Data extracted from a collection
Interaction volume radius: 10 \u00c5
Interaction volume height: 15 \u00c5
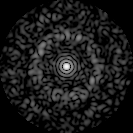
Disorder parameter: 0.8515
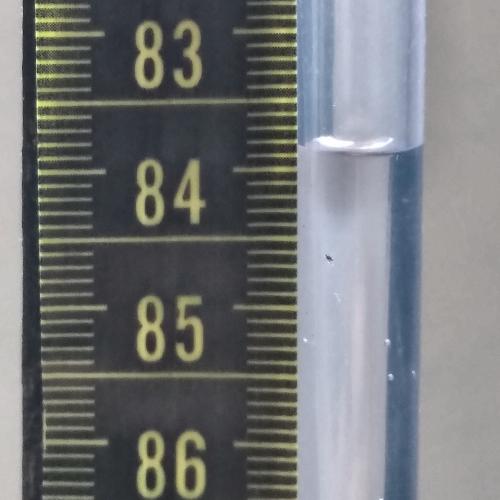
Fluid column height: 83.9 cm
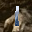
Label: 1
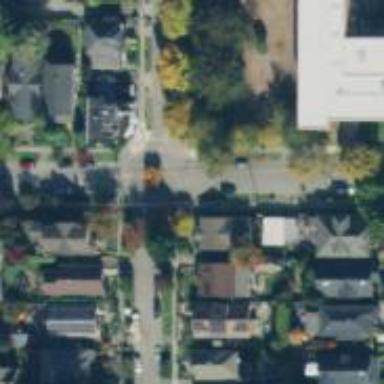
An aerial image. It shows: Residential road with separate sidewalk.
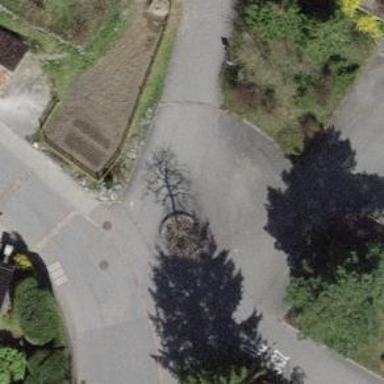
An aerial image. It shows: Traffic calming island.
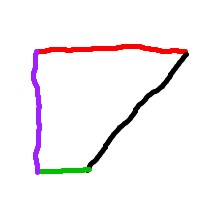
Shape: trapezoid

» **WORK ITEM**
No pictures belong in the output. Restate word for word only the lines from the one containing "An aerial image. It shows: Residential" to the end of the entries above.

» **RESULT FOR THIS EXERCISE**
An aerial image. It shows: Residential road with separate sidewalk.
An aerial image. It shows: Traffic calming island.
Shape: trapezoid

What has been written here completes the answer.